In the case of boron deficiency, several annotated genes have been identified, but their direct roles in the stress response are unclear. However, their described functions suggest involvement in various stress responses, aiding plant survival under inappropriate conditions. Brassica rapa GATA transcription factor 21, auxin efflux carrier component 2, and cytochrome P450 were identified. There have been few reports referring the relationship between GATA transcription factor and abiotic stress response [59,60]. Among these genes, Auxin efflux carrier components, particularly the PIN-FORMED (PIN) proteins, play crucial roles in regulating the distribution and transport of auxin within plant tissues [63]. Auxin is a vital plant hormone that influences various aspects of plant growth and development, including flowering [61,62]. Cytochrome P450 enzymes (CYPs) are integral to the plant abiotic stress response. They participate in a variety of biochemical processes, including the detoxification of harmful substances and the biosynthesis of vital compounds, such as secondary metabolites, antioxidants, and phytohormones.
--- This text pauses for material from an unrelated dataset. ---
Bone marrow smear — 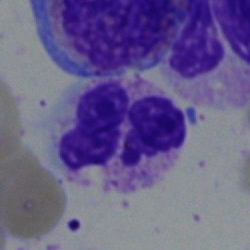 {"cell_type": "neutrophil (segmented)", "lineage": "myeloid"}

CYPs help plants to manage oxidative stress by regulating the levels of reactive oxygen species (ROS) through antioxidant biosynthesis. Additionally, these enzymes are involved in the synthesis of hormones like jasmonic acid, salicylic acid, and abscisic acid, which play critical roles in plant responses to environmental stresses such as drought, salinity, and extreme temperatures [64].

The candidate SNPs and genes studied in this paper can provide valuable tools for breeders in developing stress-resistant Chinese cabbage. The results also provide a more comprehensive understanding of plant stress management, which can lead to better breeding practices. However, further studies are required to collect phenotype data under different environmental conditions. In addition, data from extreme weather conditions may also be necessary. There are several indications that the rate of global warming is increasing, making this study even more critical for future agricultural resilience.